EXERCISE GOAL
Set down each entry exactly as given; pictures should not appear in the copy.

EXCERPTED RECORDS
BEGIN
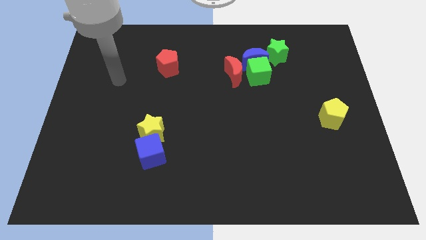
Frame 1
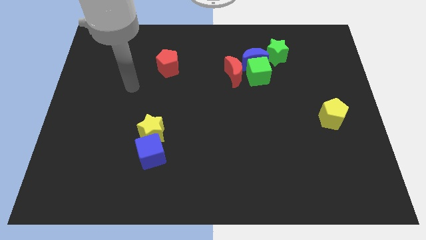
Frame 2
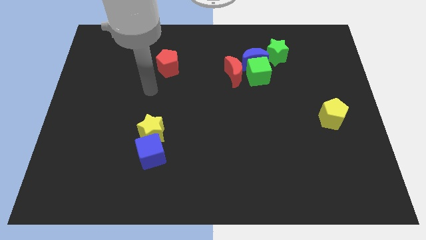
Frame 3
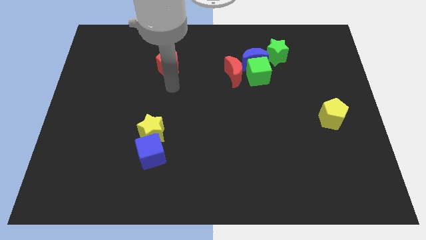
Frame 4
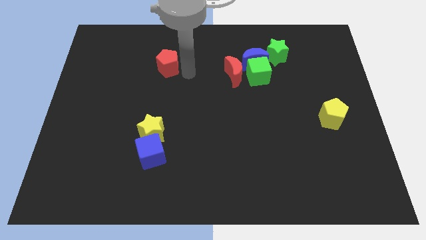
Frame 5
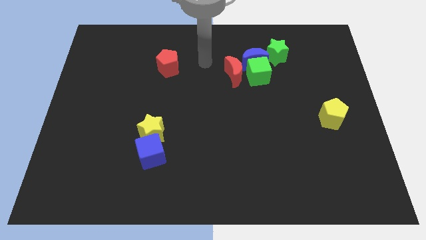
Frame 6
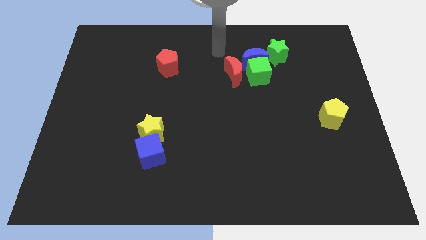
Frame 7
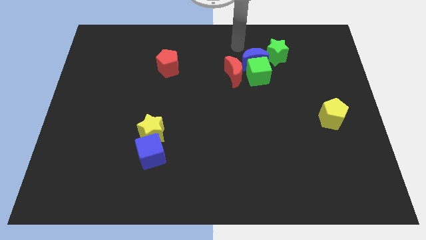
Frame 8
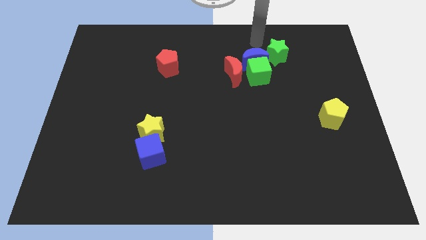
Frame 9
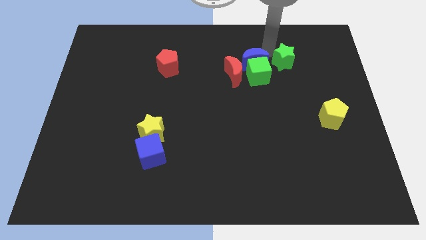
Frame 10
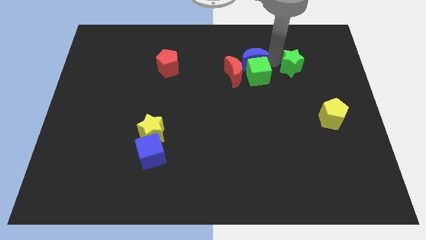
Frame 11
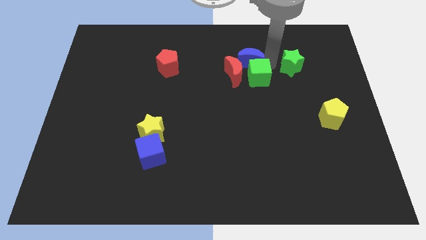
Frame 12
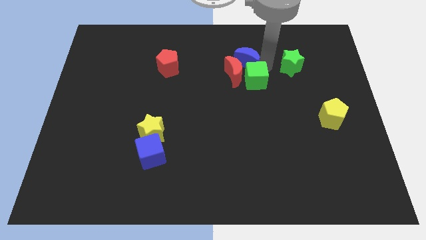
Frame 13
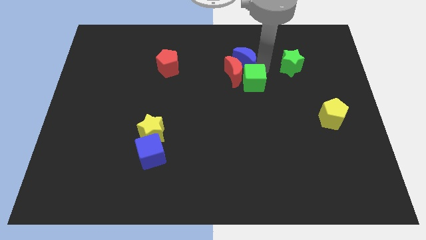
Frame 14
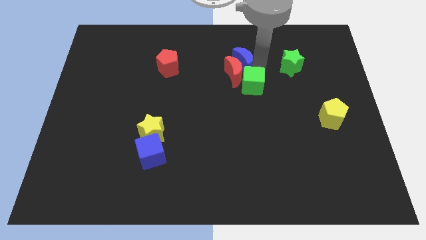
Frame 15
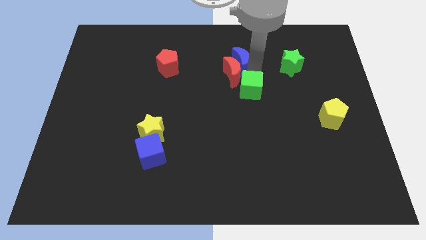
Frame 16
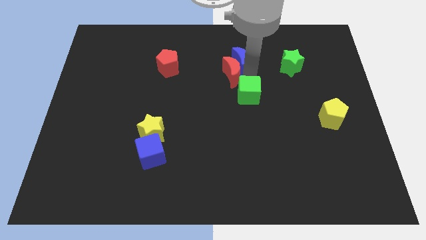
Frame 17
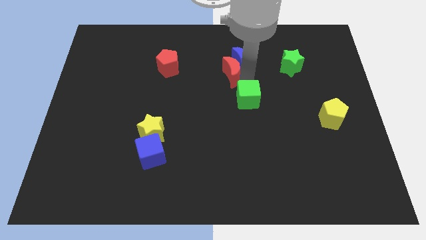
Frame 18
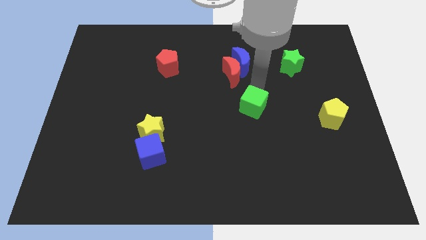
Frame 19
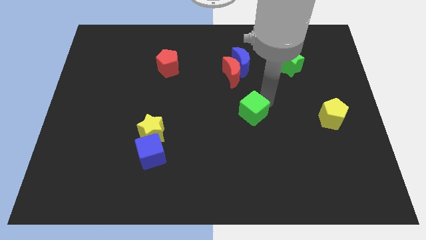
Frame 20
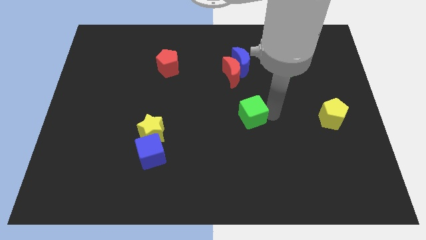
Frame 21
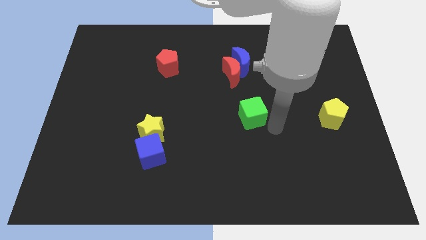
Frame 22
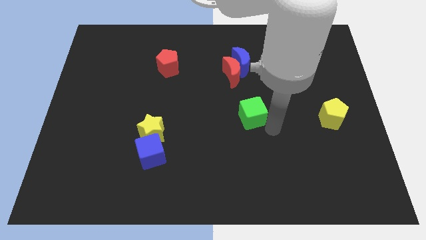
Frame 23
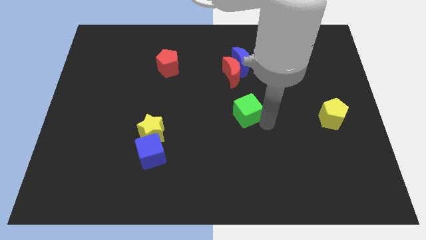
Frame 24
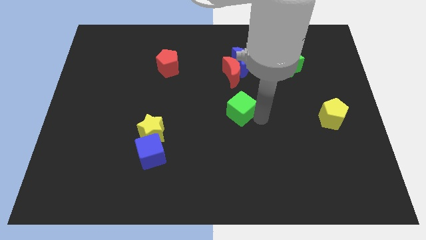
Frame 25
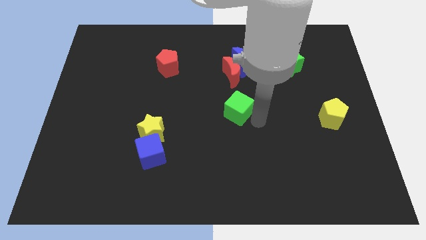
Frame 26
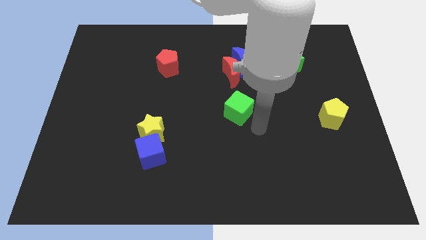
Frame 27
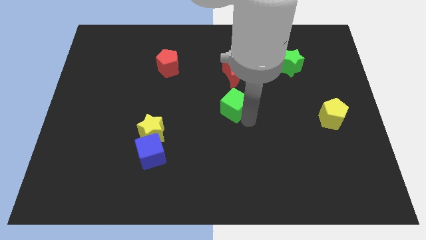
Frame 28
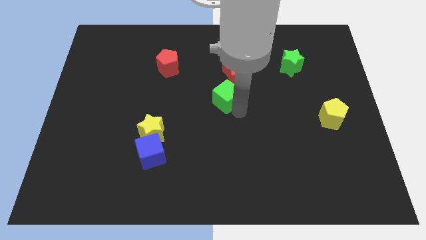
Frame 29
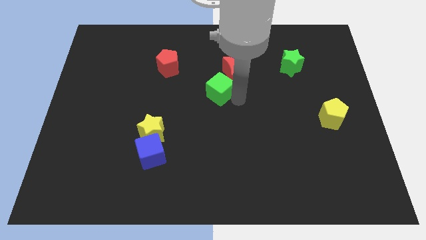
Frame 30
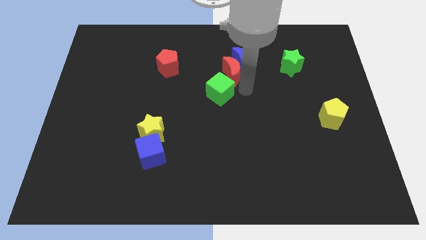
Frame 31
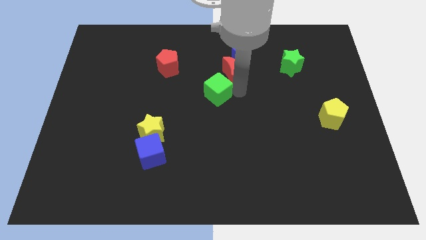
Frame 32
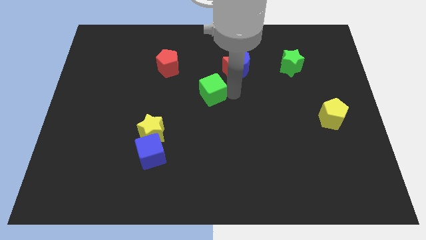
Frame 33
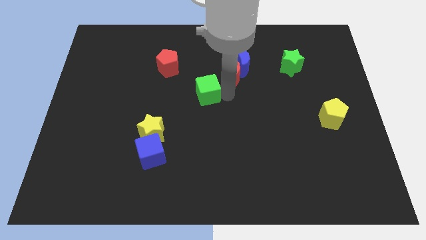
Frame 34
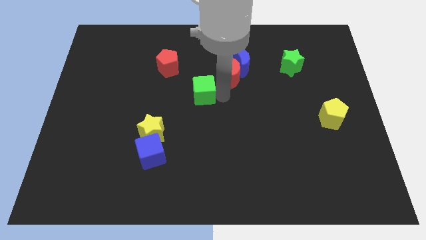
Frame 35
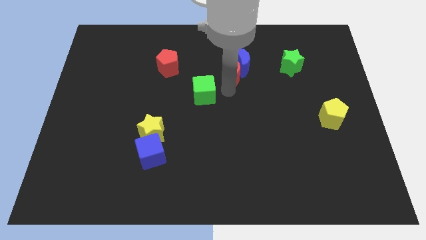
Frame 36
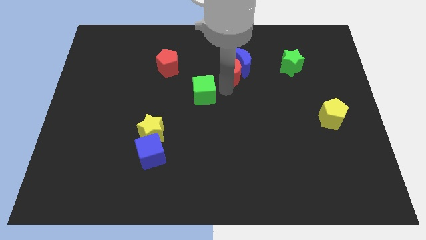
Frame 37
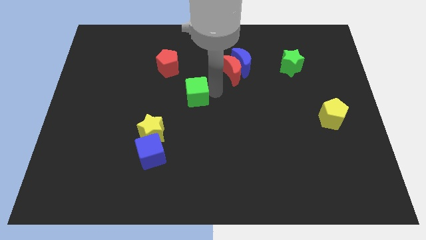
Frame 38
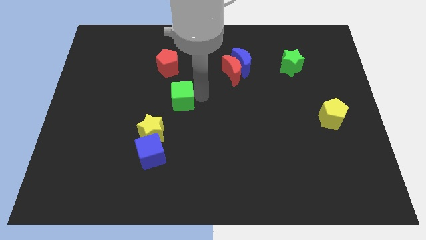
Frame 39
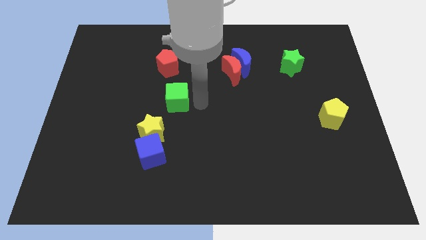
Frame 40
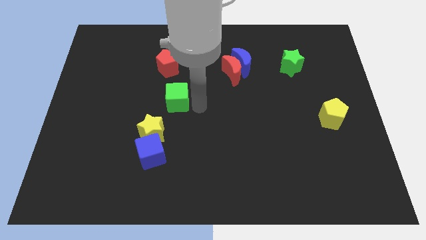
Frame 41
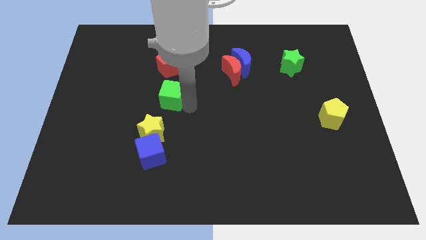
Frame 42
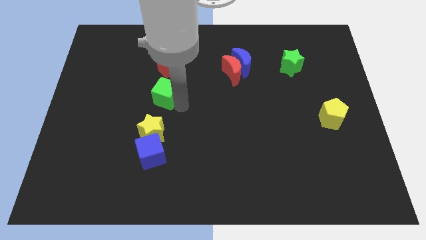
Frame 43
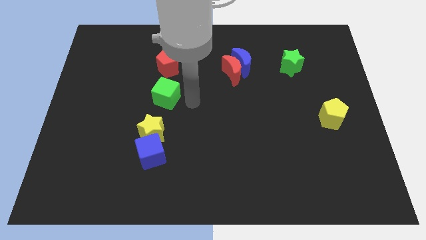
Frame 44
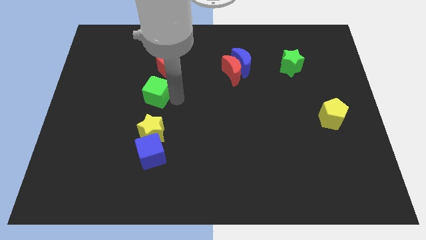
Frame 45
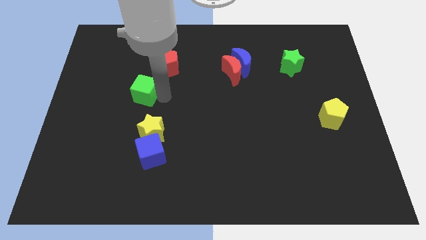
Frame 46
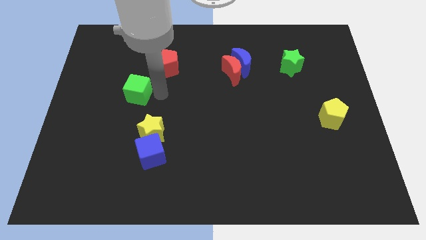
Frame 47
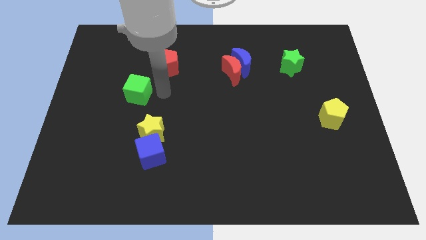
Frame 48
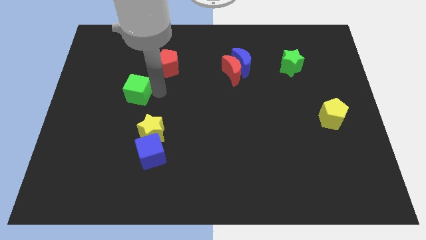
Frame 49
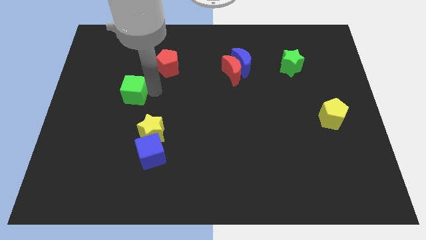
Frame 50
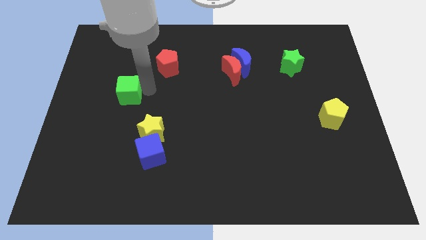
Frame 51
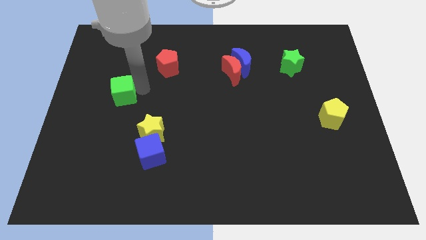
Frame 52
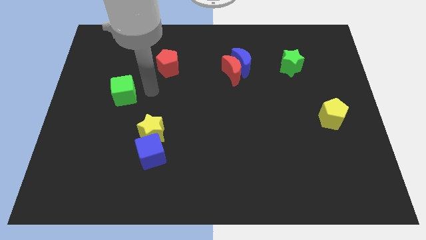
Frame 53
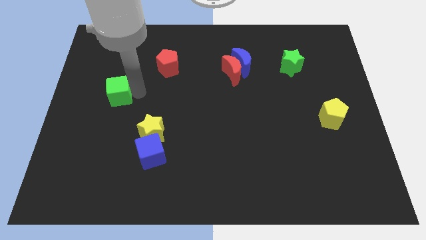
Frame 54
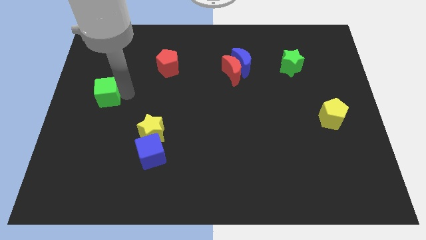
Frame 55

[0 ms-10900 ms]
END
EXERCISE RESPONSE
Frame 1
Frame 2
Frame 3
Frame 4
Frame 5
Frame 6
Frame 7
Frame 8
Frame 9
Frame 10
Frame 11
Frame 12
Frame 13
Frame 14
Frame 15
Frame 16
Frame 17
Frame 18
Frame 19
Frame 20
Frame 21
Frame 22
Frame 23
Frame 24
Frame 25
Frame 26
Frame 27
Frame 28
Frame 29
Frame 30
Frame 31
Frame 32
Frame 33
Frame 34
Frame 35
Frame 36
Frame 37
Frame 38
Frame 39
Frame 40
Frame 41
Frame 42
Frame 43
Frame 44
Frame 45
Frame 46
Frame 47
Frame 48
Frame 49
Frame 50
Frame 51
Frame 52
Frame 53
Frame 54
Frame 55

[0 ms-10900 ms]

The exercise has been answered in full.